Phillis Wheatley (1753 –1784)

“Some view the sable race with scornful eye–
Their color is a diabolic dye
But know, ye Christians, Negroes black as Cain
May be refined, and join the angelic train.”

Hariett Jacobs (1813 –1897) “When they told me my new-born babe was a girl, my heart was heavier than it had ever been before. Slavery is terrible for men; but it is far more terrible for women. Super added to the burden common to all, they have wrongs, and sufferings, and mortifications peculiarly their own.”

Emily Dickinson (1830–1886) “This is my letter to the world that never wrote to me –…”

Majorie Kinnan Rawlings (1896–1953) “I do not understand how anyone can live without some small place of enchantment to turn to.”

Anne Frank (1929–1945) “Who would ever think that so much went on in the soul of a young girl?”

Virginia Woolf (1882–1941) “A woman must have money and a room of her own if she is to write fiction.”

Sylvia Plath (1932 –1963) “There must be quite a few things that a hot bath won’t cure, but I don’t know many of them.”

Lorraine Hansberry (1930 –1965) “The thing that makes you exceptional, if you are at all, is inevitably that which must also make you lonely.”

Harper Lee (1926 — ) “Well, they’re Southern people, and if they know you are working at home, they think nothing of walking right in for coffee. But they wouldn’t dream of interrupting you at golf.”

Betty Friedan (1921 –2006) The Feminine Mystique: “The problem that has no name”: the widespread unhappiness of women in the 1950s and early 1960s.”

Gwendolyn Brooks (1917–2000) “Very early in life I became fascinated with the wonders language can achieve. And I began playing with words.”

Erma Bombeck (1927–1996) “When I stand before God at the end of my life, I would hope that I would not have a single bit of talent left, and could say, ‘I used everything you gave me.”

Zora Neale Hurston (1891–1960) “Sometimes I feel discriminated against, but it does not make me angry. It merely astonishes me. How can anyone deny themselves the pleasure of my company? It’s beyond me.”

Dorothy West (1907–1998) “When I was seven, I said to my mother: May I close my door? And she said: “Yes, but why do you want to close your door?” And I said ‘Because I want to think.’ And when I was eleven, I said to my mother: ‘May I lock my door?’ And she said: “Yes, but why do you want to lock your door?” And I said: ‘Because I want to write.’”

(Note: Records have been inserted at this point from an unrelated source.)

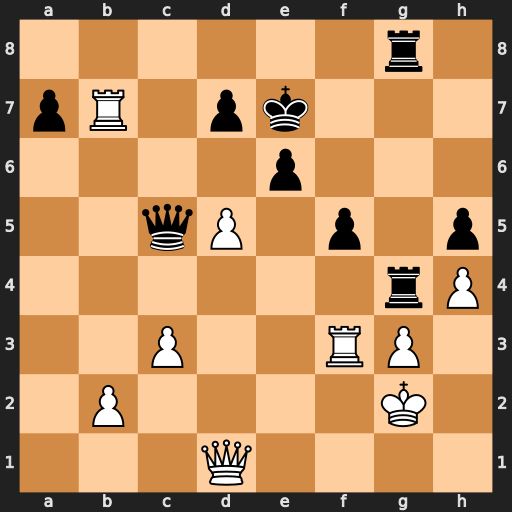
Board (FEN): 6r1/pR1pk3/4p3/2qP1p1p/6rP/2P2RP1/1P4K1/3Q4
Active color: w
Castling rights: -
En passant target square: -
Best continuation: dxe6 Qc6 Qxd7+
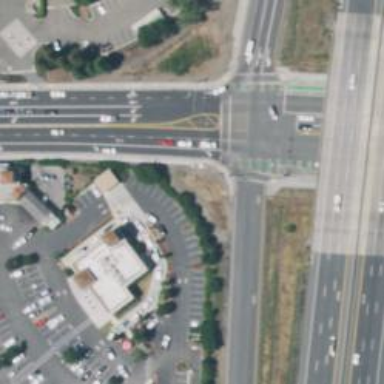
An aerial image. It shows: Marked road crossing.
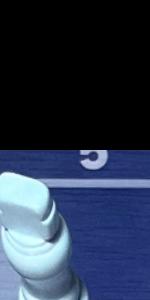
Label: Empty

Toni Morrison (1931 — ) “If there’s a book that you want to read, but it hasn’t been written yet, then you must write it.”

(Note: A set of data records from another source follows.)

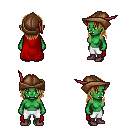
a pixel art fantasy rpg character, female body template, orc, green skin, red cape, white pants, brown long hairstyle, leather cap, maroon shoes, four views (front, back, left, right), 2x2 character sprite sheet, small pixel art, hard edges, no anti-aliasing
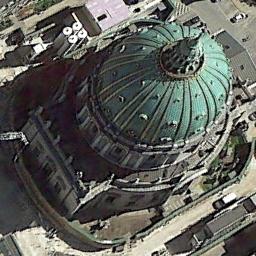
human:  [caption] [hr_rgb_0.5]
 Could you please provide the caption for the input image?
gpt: A cathedral with a gray roof and a cyan dome on the main house in the middle of the church .

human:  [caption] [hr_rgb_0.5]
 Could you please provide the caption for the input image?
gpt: The church with a green circular pointed dome and some cars are next to it .

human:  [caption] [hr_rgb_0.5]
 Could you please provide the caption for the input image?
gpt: There is a church with a blue circular roof .

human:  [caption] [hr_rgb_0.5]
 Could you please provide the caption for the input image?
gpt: This is a church, Surrounded by a thick forest .

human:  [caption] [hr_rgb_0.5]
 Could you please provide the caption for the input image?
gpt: A church with a round blue roof .
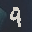
Label: 9
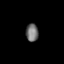
Tissue: prostate
Cell type: T cells
Senescence score: 0.3556
Nuclear area (px): 219
Mean DAPI intensity: 111.37
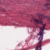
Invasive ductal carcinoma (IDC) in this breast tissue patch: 0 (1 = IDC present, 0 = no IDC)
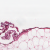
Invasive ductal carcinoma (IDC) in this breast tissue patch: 0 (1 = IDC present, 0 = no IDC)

Lucille Clifton (1936–2010) “People wish to be poets more than they wish to write poetry, and that’s a mistake. One should wish to celebrate more than one wishes to be celebrated.”

Toi Derricotte (1941 — ) “…You just keep doing it, because you’re driven to it. For me, with my first book, I was able to express anger. ..”

Rita Mae Brown (1944 — ) “Lead me not into temptation; I can find the way by myself.”

Adrienne Rich (1929–2012) “I did not choose this subject; it had long ago chosen me…”

Gloria Steinem (1934 — ) “Writing is the only thing that, when I do it, I don’t feel I should be doing something else.”

Tillie Olsen (1912–2007) “I know that I haven’t powers enough to divide myself into one who earns and one who creates.”

Molly Ivins (1944–2007) “I don’t so much mind that newspapers are dying it’s watching them commit suicide that pisses me off.”

MFK Fisher (1908 –1992) “People ask me: “Why do you write about food, and eating, and drinking? Why don’t you write about the struggle for power and security, and about love, the way the others do?” … The easiest answer is to say that, like most other humans, I’m hungry.”

Sara Lawrence Lightfoot (1944 — ) “…the integration of motherhood and the world of work is a source of ambivalence, struggle, and conflict for the great majority of women.”

Dorothy Parker (1893 –1967) “I hate writing, I love having written.” “The first thing I do in the morning is brush my teeth and sharpen my tongue.”

Gabriela Mistral (1889–1957) “What the soul does for the body the artist does for the people.”

Angela Davis (1944 — ) “What can we learn from women like Gertrude “Ma” Rainey, Bessie Smith, and Billie Holiday that we may not be able to learn from Ida B. Wells, Anna Julia Cooper, and Mary Church Terrell?”